En la finca de Carral (La Coruña) vive desde 2007 un cerdo de nombre Quinín. Le perdonaron la vida en 2007 y, desde entonces, lleva ocho años dándose la vida cerda. Fue indultado gracias a la iniciativa de D. Antonio Caramés que lo adquirió en la feria de Senande-Muxía cuando estaba a punto de licenciarse en chorizo, morcilla, jamón y otros nutrientes tan dañinos para las estadísticas de la Organización Mundial de la Salud. Imagino que Quinín no fue consciente de su suerte, ajeno al ruido afilado de los cuchillos, pero no ha desaprovechado los días de regalo para engordar a gusto. ¡Pesa casi 300 Kg.! El granjero que lo cuida comentaba hace unos días en Radio Nacional que Quinín campa a sus anchas por su finca de más de 4.000 metros cuadrados, que hace sus necesidades en un lugar aparte de limpio que es, y que come todo aquello que le traen las gentes del pueblo. Sobre todo pasteles. Le encantan los pasteles.

En la antigua Roma, algunos tribunos premiaban los servicios de un esclavo, ya fuera por afecto, por los méritos que le prestaba o por la buena voluntad del propietario, liberándolo de la esclavitud. Era un proceso denominado manumisión. Los esclavos manumitidos pasaban a llamarse libertos e incluso podían llegar a ser ciudadanos de pleno derecho.

En España, país tolerante, descendiente del Imperio Romano, y heredero de sus leyes, nos hemos tomado muy en serio la antigua facultad de manumitir y, de vez en cuando, indultamos a cerdos como Quinín. Personajes que suelen aprovecharse de su suerte nutriéndose de la comida del pueblo que les alimenta. Y como Quinín, hacen sus necesidades en lugares ocultos y campan a sus anchas por la gran extensión del Estado sin algualcil que les moleste. Me pregunto qué diferencia a los cerdos indultados de aquellos que somos carne de embutido. ¿Será la facilidad de engatusar a un electorado ávido de buenas acciones?, ¿o quizá la habilidad quiromántica de cobrar comisiones sin despertar sospechas? O puede que la virtud de contabilizar apuntes con jugo de patata, como instruía el libro de aprendiz de espía que custodiábamos celosamente en la infancia. Mientras lo averiguo, ellos siguen engordando sin parar acumulando los kilos en Suiza.

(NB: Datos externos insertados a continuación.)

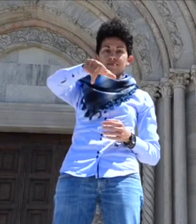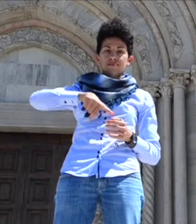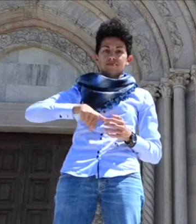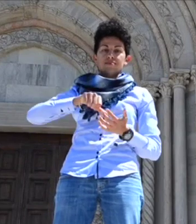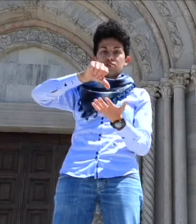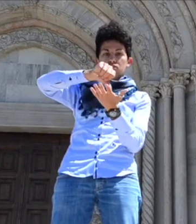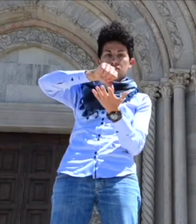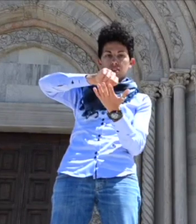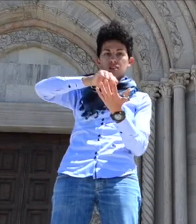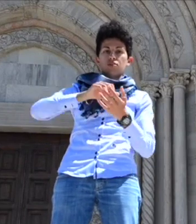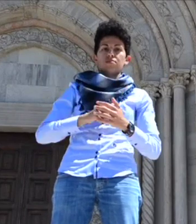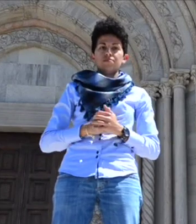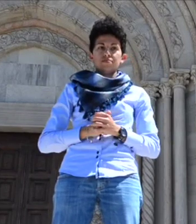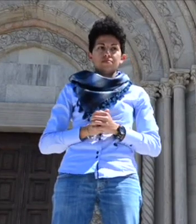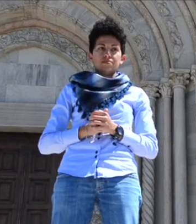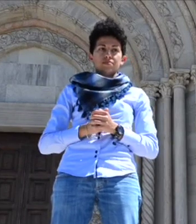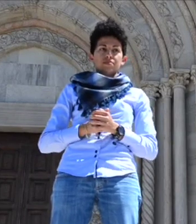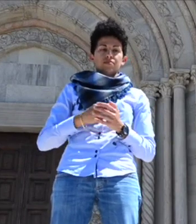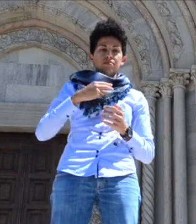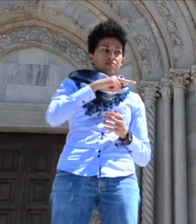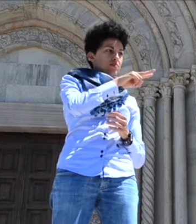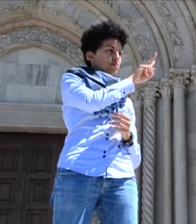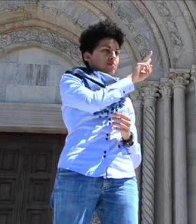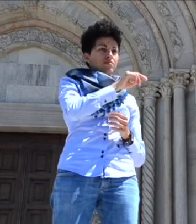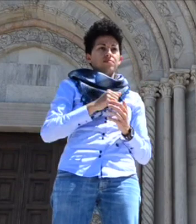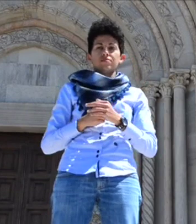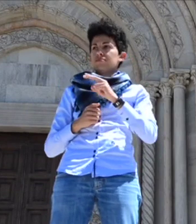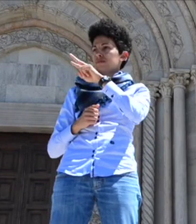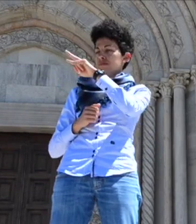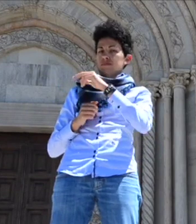Gli altari dei due bracci trasversali sono sopraelevati su cripte.
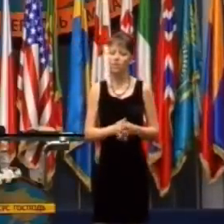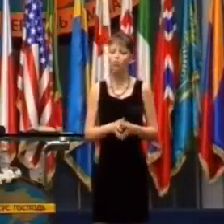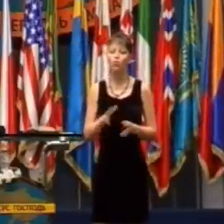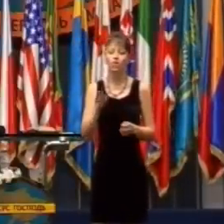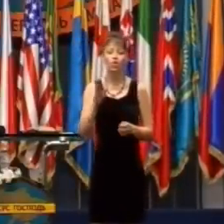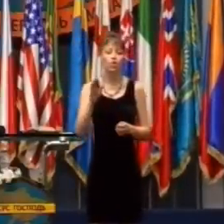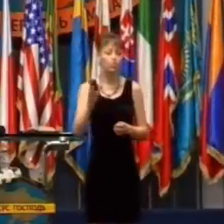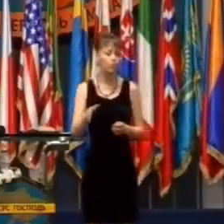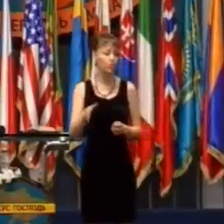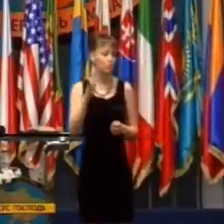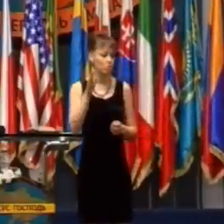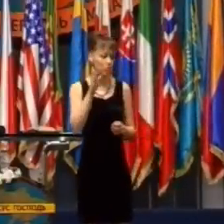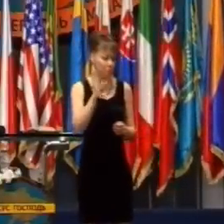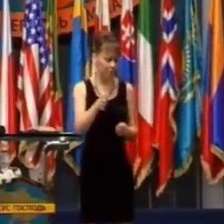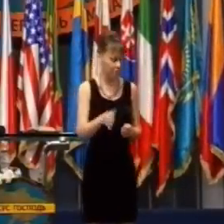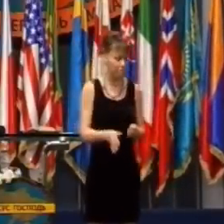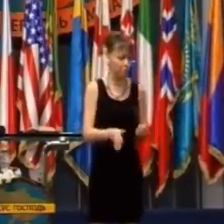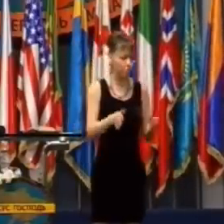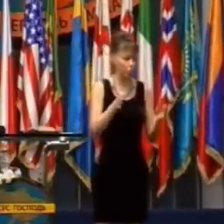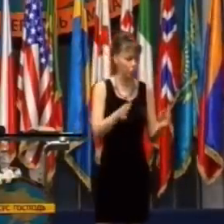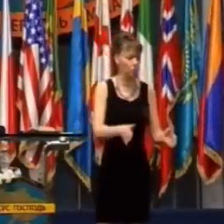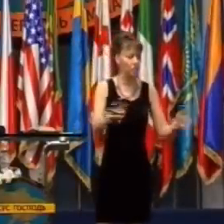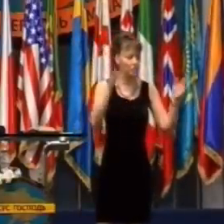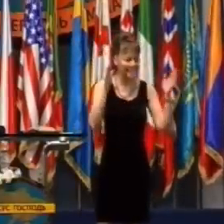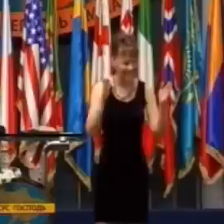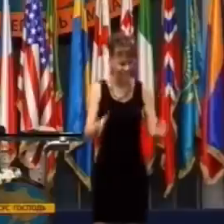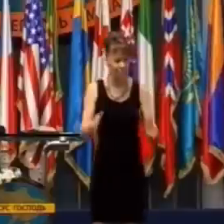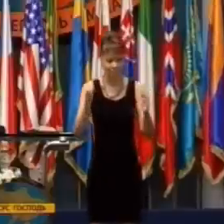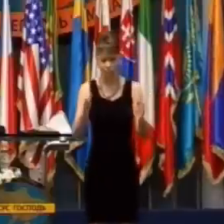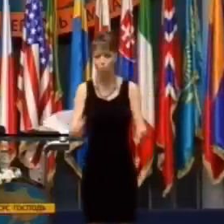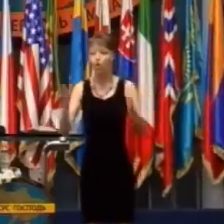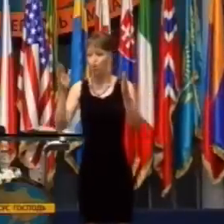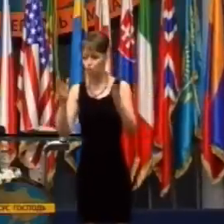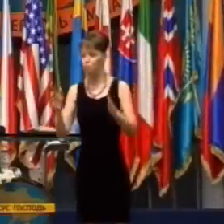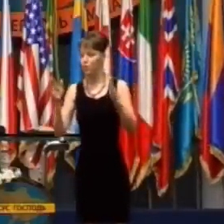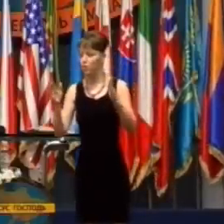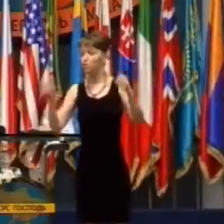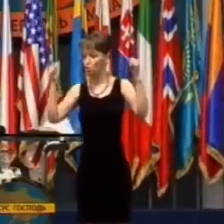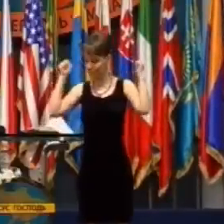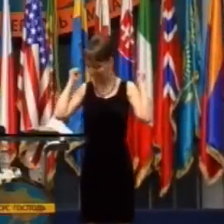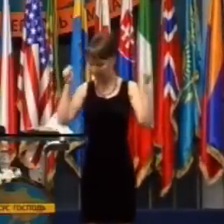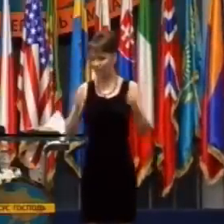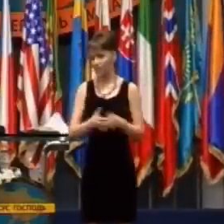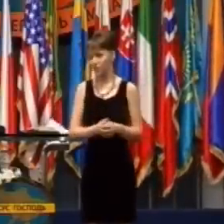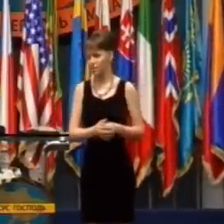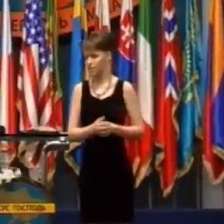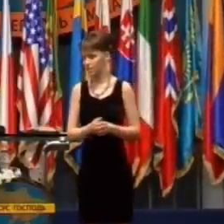Môžete ísť do Japonska a vidieť tam dôkazy toho, že tie bomby tam boli zhodené.

Buena vida es la del cerdo Quinín, cuyo giro insospechado le hizo desviarse hacia prados de abundancia sin límite. La próxima Navidad no voy a comer jamón, y no porque lo aconseje la OMS, sino porque cuando esté cortando finísimas lonchas de ese manjar, no podré quitarme de la cabeza al inocente propietario que no tuvo la suerte de estar en el juzgado pertinente.

Comeré pavo. Es más digestivo. En eso, los americanos son más prácticos. Indultan un pavo el día de Acción de Gracias. Me parece más discreto. Los pavos son más sigilosos y pasan desapercibidos. Sobre todo cuando han dejado el cargo de presidente.